## TASK TO COMPLETE
So long as no pictures are carried over, output the records below exactly.
= Beginning of Section =
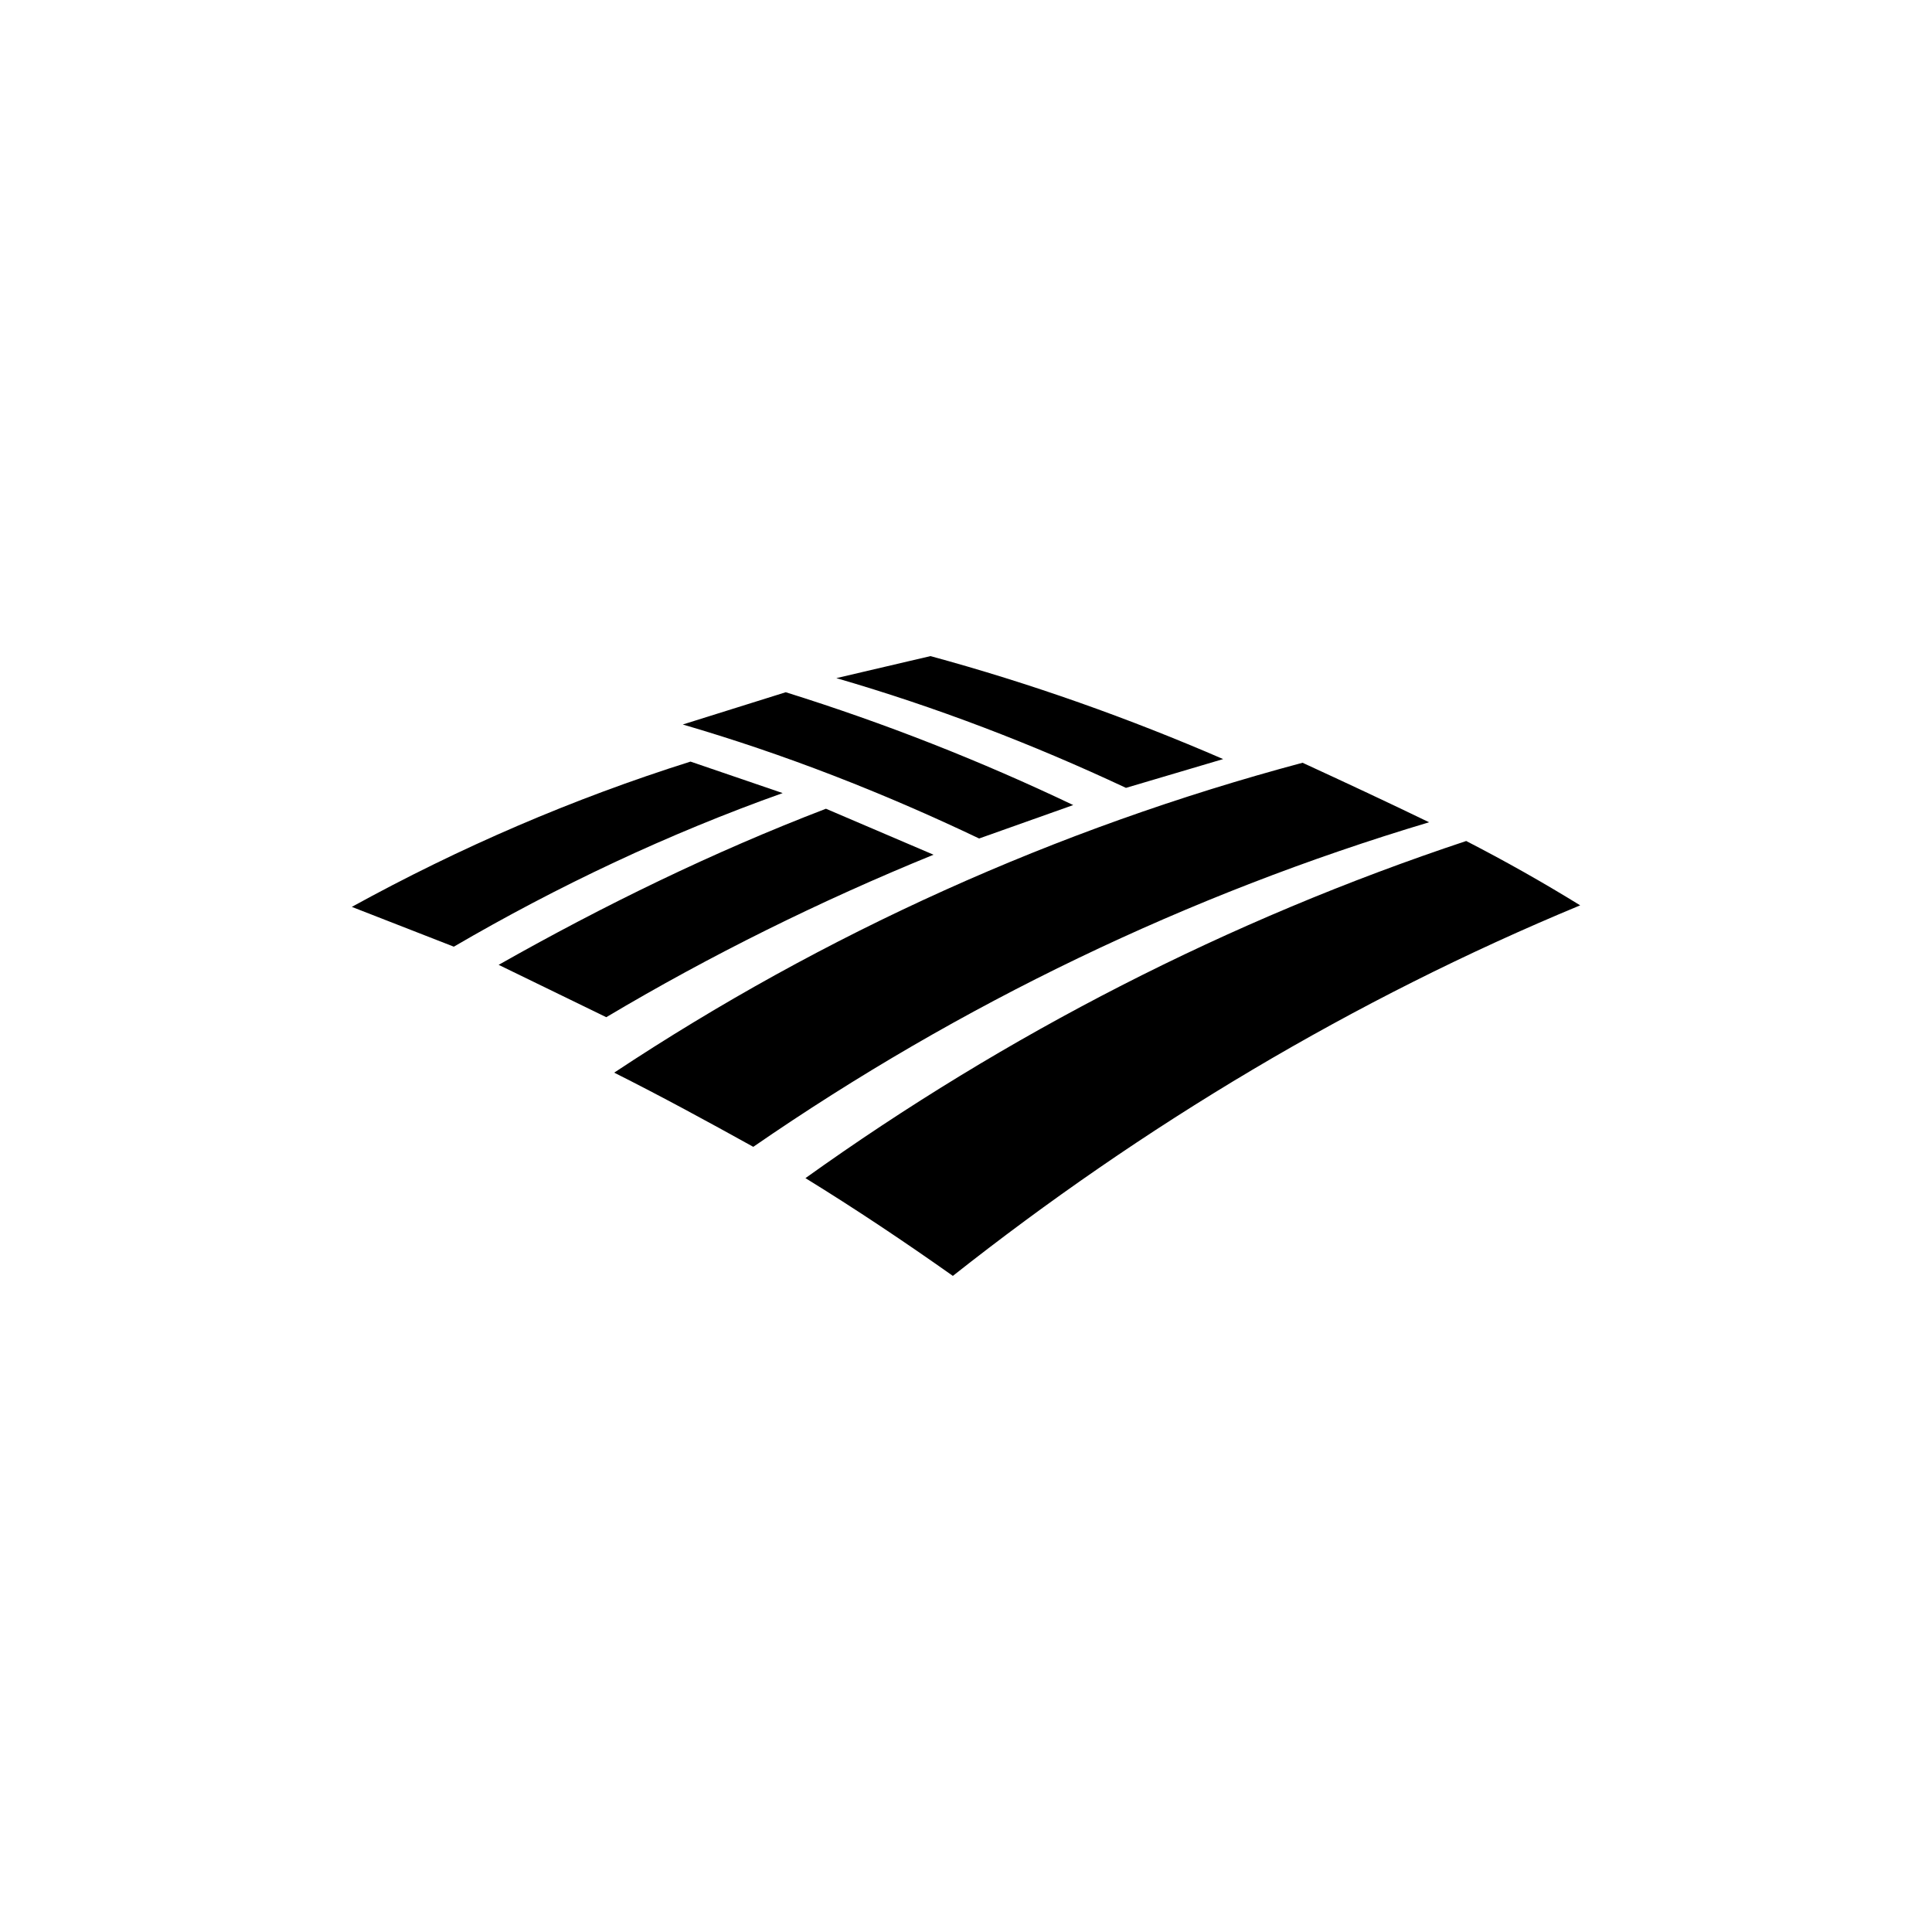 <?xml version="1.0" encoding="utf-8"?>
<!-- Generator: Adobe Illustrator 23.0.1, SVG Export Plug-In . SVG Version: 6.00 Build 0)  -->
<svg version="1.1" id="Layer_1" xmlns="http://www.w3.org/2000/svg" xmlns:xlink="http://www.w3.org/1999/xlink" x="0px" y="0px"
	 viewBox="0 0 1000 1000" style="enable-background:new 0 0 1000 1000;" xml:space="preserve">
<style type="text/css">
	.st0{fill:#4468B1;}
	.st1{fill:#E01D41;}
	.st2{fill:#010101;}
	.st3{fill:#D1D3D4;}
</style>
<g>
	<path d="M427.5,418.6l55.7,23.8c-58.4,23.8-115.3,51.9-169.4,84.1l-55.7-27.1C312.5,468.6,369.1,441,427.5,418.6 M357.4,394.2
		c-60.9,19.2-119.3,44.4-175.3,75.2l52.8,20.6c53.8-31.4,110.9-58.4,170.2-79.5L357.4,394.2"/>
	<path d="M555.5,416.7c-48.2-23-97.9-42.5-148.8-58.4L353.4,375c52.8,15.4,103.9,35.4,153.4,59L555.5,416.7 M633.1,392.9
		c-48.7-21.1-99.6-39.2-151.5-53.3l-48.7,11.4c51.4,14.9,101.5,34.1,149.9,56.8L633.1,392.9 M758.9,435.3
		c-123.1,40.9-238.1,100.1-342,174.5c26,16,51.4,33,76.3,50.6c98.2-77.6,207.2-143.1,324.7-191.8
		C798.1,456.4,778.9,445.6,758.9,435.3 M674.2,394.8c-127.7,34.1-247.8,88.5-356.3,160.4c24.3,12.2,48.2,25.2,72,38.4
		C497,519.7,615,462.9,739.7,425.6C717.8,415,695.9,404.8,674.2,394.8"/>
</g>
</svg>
= End of Section =
## RESULT FOR THIS TASK
 <?xml version="1.0" encoding="utf-8"?>
<!-- Generator: Adobe Illustrator 23.0.1, SVG Export Plug-In . SVG Version: 6.00 Build 0)  -->
<svg version="1.1" id="Layer_1" xmlns="http://www.w3.org/2000/svg" xmlns:xlink="http://www.w3.org/1999/xlink" x="0px" y="0px"
	 viewBox="0 0 1000 1000" style="enable-background:new 0 0 1000 1000;" xml:space="preserve">
<style type="text/css">
	.st0{fill:#4468B1;}
	.st1{fill:#E01D41;}
	.st2{fill:#010101;}
	.st3{fill:#D1D3D4;}
</style>
<g>
	<path d="M427.5,418.6l55.7,23.8c-58.4,23.8-115.3,51.9-169.4,84.1l-55.7-27.1C312.5,468.6,369.1,441,427.5,418.6 M357.4,394.2
		c-60.9,19.2-119.3,44.4-175.3,75.2l52.8,20.6c53.8-31.4,110.9-58.4,170.2-79.5L357.4,394.2"/>
	<path d="M555.5,416.7c-48.2-23-97.9-42.5-148.8-58.4L353.4,375c52.8,15.4,103.9,35.4,153.4,59L555.5,416.7 M633.1,392.9
		c-48.7-21.1-99.6-39.2-151.5-53.3l-48.7,11.4c51.4,14.9,101.5,34.1,149.9,56.8L633.1,392.9 M758.9,435.3
		c-123.1,40.9-238.1,100.1-342,174.5c26,16,51.4,33,76.3,50.6c98.2-77.6,207.2-143.1,324.7-191.8
		C798.1,456.4,778.9,445.6,758.9,435.3 M674.2,394.8c-127.7,34.1-247.8,88.5-356.3,160.4c24.3,12.2,48.2,25.2,72,38.4
		C497,519.7,615,462.9,739.7,425.6C717.8,415,695.9,404.8,674.2,394.8"/>
</g>
</svg>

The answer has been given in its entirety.